> **Available records**
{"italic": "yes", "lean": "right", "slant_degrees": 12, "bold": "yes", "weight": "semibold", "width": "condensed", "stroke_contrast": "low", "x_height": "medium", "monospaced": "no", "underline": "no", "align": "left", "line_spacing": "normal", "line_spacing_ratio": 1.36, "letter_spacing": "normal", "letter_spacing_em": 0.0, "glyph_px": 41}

* * *

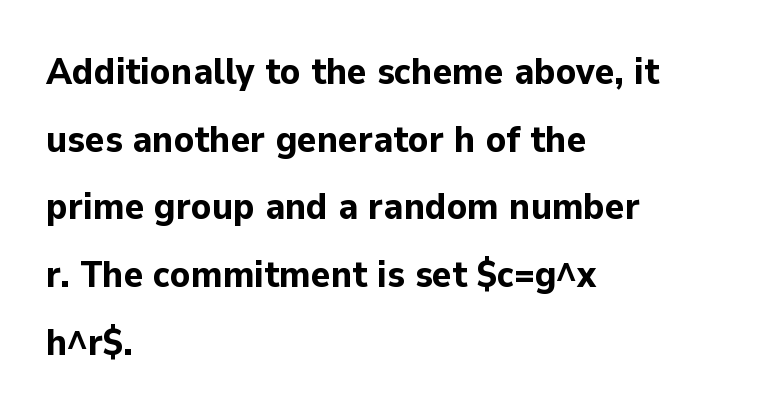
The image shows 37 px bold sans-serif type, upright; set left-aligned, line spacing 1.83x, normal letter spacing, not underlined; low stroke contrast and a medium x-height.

* * *

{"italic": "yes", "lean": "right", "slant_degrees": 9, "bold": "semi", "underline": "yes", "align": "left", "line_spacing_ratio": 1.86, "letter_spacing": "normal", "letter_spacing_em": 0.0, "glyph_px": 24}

> **Task directions**
Take the entries above and copy out all lines with the string "medium".

> **Output for this exercise**
{"italic": "yes", "lean": "right", "slant_degrees": 12, "bold": "yes", "weight": "semibold", "width": "condensed", "stroke_contrast": "low", "x_height": "medium", "monospaced": "no", "underline": "no", "align": "left", "line_spacing": "normal", "line_spacing_ratio": 1.36, "letter_spacing": "normal", "letter_spacing_em": 0.0, "glyph_px": 41}
The image shows 37 px bold sans-serif type, upright; set left-aligned, line spacing 1.83x, normal letter spacing, not underlined; low stroke contrast and a medium x-height.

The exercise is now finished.